Rosie Hastings & Hannah Quinlan are a multidisciplinary artist duo, interrogating the iconography of queer culture through sound, moving image, live events and through incredibly skilful drawings. They map the queer landscape in a myriad of ways, creating bodies of work that place underrepresented narratives at the forefront of their practice. One of their most prominent works is the UK Gay Bar Directory, an archive documenting over 100 LGBTQ+ venues across the UK. Their works serve as archival resources because of the emphasis on community and the importance of being queer and existing loudly.
In their films, Quinlan & Hastings have used a variety of objects from mobile phones to professional cameras and have created works with CGI, found footage, archives and moving image. Named after their best friend, artist Gaby Sahhar, the film Gaby is comprised of three vignettes portraying the intricacies of intimacy and destruction, framed around the politics and commodification of the queer body.

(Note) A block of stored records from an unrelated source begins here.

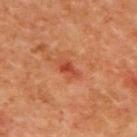  biopsy_status: not biopsied; imaged during a skin examination
  lesion_size:
    long_diameter_mm_approx: 3.0
  lighting: cross-polarized
  site: back
  image:
    source: total-body photography crop
    field_of_view_mm: 15
  patient:
    sex: female
    age_approx: 40
  automated_metrics:
    cielab_L: 49
    cielab_a: 34
    cielab_b: 38
    vs_skin_contrast_norm: 6.5
    lesion_detection_confidence_0_100: 100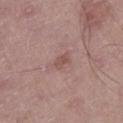A male patient in their mid- to late 60s.
Located on the left lower leg.
A lesion tile, about 15 mm wide, cut from a 3D total-body photograph.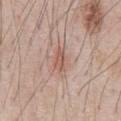No biopsy was performed on this lesion — it was imaged during a full skin examination and was not determined to be concerning. The lesion is on the chest. A male subject, about 70 years old. A close-up tile cropped from a whole-body skin photograph, about 15 mm across.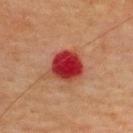acquisition: ~15 mm tile from a whole-body skin photo | lesion diameter: ~4.5 mm (longest diameter) | body site: the upper back | subject: female, aged 53 to 57 | automated lesion analysis: a shape eccentricity near 0.45; a normalized border contrast of about 12.5; a border-irregularity rating of about 2.5/10, a color-variation rating of about 5.5/10, and peripheral color asymmetry of about 2; a classifier nevus-likeness of about 0/100 and a detector confidence of about 100 out of 100 that the crop contains a lesion.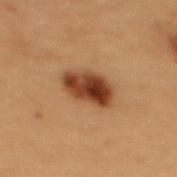Q: Is there a histopathology result?
A: total-body-photography surveillance lesion; no biopsy
Q: Automated lesion metrics?
A: a lesion color around L≈36 a*≈21 b*≈31 in CIELAB, a lesion–skin lightness drop of about 15, and a lesion-to-skin contrast of about 12 (normalized; higher = more distinct); a color-variation rating of about 7/10 and peripheral color asymmetry of about 2.5
Q: What is the imaging modality?
A: ~15 mm crop, total-body skin-cancer survey
Q: How was the tile lit?
A: cross-polarized
Q: What is the anatomic site?
A: the upper back
Q: Who is the patient?
A: female, approximately 50 years of age
Q: How large is the lesion?
A: about 4.5 mm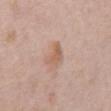A 15 mm crop from a total-body photograph taken for skin-cancer surveillance. The patient is a male about 70 years old. Located on the front of the torso.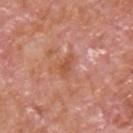{"lesion_size": {"long_diameter_mm_approx": 3.0}, "lighting": "white-light", "image": {"source": "total-body photography crop", "field_of_view_mm": 15}, "site": "upper back", "patient": {"sex": "male", "age_approx": 65}}

They explore storytelling from an intimate perspective to the wider political impact, reflecting on lived experiences and raising questions of safety among the LGBTQ+ community. The first part includes a montage of found video clips in which on duty police dance at Pride parades to' YMCA', The Village People's iconic 1978 song. The film follows with an animated sequence of a 1977 issue of the gay magazine Christopher Street. The last chapter is a reconstruction of Gaby's briief relationship as an eighteen-year old with a straight-presenting gay policeman
One of The Box’s acquisition priorities is to collect emerging artists that radically rework specific histories in Britain, while making use of classical forms. The Box has also, for many years, been developing a community project looking at nightlife, and in particular sound and rave culture, which will be presented as an exhibition in the near future. The addition of these works will enable the collection to convey this theme in a variety of forms. Acquiring works on paper and film also contextualises the artists’ practice and adds to the museum’s increasing South West Film and Television Archive.